Sorry you're so funny that you make me fart.
Welcome to the video show.
We're leaving that in.
It started.
That's, yep.
Do you know what I hate?
What?
When people say fluff instead of fart.
That makes me want to throw up.
Stay at home.
Oh, I've done a little fluff.
No, you farted.
Throw up.
You farted, you fucking loser.
You can actually watch this show on Spotify as well as listen.
If you want to.
If you want to.
On a Friday, it is both versions.
Coming up today, beautiful or fucked?
A mini debate happening in my house at the moment.
I think I did something beautiful.
My wife thinks I did something fucked.
You can decide.
Oh, we should do one of those poll things in the spotify app oh yeah like people can choose yeah um that actually we can't do that
anymore don't worry about it yeah yep nah you know because that other thing yep yeah don't worry
about it either way yeah um just before we get into whatever you're going to talk about baby
update no baby no baby yet today no baby. No baby today.
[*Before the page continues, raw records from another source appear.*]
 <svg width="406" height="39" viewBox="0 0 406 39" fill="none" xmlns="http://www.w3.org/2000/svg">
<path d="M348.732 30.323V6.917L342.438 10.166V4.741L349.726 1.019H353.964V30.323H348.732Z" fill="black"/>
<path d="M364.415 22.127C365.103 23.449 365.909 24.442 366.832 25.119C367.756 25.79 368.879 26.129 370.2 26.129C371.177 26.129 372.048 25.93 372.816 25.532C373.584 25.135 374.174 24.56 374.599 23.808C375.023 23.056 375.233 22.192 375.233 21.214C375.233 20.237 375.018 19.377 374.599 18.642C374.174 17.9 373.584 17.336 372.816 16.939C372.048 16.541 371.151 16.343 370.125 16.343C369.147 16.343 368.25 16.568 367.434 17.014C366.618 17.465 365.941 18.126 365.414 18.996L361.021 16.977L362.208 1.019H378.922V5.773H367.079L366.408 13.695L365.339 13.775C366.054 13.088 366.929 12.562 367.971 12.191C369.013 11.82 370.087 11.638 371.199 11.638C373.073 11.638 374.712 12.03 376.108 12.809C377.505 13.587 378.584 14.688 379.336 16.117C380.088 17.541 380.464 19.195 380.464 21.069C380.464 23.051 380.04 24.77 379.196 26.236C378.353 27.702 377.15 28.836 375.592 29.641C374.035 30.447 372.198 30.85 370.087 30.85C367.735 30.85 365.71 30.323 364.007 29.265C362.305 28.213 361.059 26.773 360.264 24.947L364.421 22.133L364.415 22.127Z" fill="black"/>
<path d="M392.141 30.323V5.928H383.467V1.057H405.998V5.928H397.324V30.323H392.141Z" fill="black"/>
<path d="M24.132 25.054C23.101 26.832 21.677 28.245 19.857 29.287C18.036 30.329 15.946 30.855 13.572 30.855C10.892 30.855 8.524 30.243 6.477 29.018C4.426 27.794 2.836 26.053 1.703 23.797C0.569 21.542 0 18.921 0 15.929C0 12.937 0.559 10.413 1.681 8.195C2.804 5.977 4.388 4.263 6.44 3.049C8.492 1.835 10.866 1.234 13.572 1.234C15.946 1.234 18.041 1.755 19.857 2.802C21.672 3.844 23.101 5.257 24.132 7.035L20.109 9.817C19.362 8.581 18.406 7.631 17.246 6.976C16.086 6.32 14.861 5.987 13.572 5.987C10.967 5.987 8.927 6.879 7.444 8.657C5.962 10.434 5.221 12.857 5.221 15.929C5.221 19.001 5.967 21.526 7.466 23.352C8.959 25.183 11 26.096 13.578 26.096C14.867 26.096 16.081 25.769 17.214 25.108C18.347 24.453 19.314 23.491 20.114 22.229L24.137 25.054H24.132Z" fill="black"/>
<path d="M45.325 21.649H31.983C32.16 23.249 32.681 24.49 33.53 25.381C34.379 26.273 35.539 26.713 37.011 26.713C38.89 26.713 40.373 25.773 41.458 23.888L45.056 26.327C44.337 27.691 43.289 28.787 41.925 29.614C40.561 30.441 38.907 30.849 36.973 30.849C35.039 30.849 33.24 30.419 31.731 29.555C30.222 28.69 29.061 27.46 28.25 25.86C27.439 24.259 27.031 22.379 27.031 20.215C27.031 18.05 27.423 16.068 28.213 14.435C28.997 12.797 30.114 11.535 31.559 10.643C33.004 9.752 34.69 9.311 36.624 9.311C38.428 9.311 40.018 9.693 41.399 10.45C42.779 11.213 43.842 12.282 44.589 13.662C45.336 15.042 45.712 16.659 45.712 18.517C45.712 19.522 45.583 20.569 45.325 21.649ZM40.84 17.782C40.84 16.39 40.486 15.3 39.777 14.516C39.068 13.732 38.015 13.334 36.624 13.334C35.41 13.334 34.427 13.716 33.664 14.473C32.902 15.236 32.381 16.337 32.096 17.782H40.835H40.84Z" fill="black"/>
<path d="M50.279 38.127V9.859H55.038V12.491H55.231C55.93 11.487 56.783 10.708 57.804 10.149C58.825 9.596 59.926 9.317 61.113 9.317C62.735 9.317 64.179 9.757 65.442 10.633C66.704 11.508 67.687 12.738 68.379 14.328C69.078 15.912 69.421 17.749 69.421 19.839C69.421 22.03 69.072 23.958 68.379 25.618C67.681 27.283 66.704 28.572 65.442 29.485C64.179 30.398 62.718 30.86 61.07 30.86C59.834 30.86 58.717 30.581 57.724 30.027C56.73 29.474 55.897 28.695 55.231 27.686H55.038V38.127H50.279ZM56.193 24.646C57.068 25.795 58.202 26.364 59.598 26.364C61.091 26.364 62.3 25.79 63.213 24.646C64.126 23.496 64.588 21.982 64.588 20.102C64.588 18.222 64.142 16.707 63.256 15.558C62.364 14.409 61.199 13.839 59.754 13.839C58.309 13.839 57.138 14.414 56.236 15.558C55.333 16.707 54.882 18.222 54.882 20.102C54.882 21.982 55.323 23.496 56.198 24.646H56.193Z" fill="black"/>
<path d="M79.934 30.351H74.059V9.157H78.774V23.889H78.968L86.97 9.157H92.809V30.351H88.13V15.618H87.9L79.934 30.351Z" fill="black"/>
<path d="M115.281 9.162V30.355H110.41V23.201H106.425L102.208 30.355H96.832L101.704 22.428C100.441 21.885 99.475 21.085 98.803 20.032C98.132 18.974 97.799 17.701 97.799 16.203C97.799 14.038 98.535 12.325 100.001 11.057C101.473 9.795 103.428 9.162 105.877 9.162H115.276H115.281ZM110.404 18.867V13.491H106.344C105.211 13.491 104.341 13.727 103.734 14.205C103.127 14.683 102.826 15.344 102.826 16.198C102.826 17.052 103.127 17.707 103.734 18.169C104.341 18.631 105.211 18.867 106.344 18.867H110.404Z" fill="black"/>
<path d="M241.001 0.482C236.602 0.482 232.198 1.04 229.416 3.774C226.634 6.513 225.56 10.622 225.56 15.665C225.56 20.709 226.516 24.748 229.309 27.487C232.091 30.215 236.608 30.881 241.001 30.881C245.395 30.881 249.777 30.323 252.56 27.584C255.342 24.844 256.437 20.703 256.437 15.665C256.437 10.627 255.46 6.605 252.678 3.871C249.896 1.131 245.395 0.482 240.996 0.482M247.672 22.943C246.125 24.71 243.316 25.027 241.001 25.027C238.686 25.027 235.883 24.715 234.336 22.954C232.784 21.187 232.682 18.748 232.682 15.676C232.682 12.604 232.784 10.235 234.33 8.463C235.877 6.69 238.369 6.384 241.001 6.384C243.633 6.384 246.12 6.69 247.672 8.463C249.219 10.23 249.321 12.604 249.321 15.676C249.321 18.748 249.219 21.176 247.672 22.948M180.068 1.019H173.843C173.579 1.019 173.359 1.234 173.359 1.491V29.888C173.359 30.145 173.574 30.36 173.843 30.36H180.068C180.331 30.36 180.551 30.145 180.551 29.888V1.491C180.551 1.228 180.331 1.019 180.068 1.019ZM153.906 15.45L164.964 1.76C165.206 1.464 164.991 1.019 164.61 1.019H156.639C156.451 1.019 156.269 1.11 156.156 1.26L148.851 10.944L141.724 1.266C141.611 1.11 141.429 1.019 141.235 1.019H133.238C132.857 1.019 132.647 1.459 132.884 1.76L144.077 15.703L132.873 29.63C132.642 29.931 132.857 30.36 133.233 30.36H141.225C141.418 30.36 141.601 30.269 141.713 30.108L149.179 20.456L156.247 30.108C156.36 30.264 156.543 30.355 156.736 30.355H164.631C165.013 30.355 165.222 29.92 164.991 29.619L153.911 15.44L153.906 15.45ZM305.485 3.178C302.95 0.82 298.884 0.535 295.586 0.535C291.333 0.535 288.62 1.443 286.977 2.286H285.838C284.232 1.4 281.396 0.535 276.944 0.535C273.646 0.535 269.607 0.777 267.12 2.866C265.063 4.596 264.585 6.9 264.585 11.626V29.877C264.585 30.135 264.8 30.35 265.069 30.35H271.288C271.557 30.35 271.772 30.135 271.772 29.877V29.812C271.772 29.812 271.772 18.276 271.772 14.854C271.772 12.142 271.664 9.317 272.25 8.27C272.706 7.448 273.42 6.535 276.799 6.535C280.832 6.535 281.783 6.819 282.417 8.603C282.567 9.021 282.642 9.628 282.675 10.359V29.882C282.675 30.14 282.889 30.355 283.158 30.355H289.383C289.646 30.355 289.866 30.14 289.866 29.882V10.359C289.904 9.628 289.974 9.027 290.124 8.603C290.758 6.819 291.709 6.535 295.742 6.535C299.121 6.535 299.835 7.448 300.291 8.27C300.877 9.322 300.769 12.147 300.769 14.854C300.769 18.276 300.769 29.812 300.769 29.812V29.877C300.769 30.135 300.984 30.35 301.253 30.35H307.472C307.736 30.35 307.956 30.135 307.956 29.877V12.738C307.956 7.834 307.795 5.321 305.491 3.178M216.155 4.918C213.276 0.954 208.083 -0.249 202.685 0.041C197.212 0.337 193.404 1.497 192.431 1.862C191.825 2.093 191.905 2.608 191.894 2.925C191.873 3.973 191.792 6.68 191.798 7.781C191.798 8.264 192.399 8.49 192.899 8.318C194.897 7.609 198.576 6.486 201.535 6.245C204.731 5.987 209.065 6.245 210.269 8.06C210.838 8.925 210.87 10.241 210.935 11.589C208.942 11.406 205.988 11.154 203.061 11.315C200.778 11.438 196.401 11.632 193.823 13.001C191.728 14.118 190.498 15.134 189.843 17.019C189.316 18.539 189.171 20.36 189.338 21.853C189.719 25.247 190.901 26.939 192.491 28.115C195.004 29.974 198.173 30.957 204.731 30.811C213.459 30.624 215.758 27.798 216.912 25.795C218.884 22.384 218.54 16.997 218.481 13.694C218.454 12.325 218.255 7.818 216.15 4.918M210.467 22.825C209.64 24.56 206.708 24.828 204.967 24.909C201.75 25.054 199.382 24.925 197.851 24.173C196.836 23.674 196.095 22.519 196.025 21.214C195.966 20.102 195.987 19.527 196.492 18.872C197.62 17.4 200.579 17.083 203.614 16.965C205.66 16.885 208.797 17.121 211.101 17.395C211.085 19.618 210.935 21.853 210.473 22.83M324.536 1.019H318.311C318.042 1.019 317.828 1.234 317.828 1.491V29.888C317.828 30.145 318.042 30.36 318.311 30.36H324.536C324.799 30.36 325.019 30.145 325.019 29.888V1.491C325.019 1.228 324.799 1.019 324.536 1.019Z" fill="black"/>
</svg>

No baby yet.
No baby today.
Oh, where's my phone?
Oh, just in case.
Just in case the phone rings and the baby's happened.
No.
Just for everybody listening because people are probably
getting a bit excited, you know.
Some other people are, are they?
I'm just, whoa, chill out.
We're all excited, mate.
I know, but people that are listening aren't getting updates
of no either.
My friend Rachel was speaking to Bridget.
Rach had a baby a year ago, so it was kind of that person.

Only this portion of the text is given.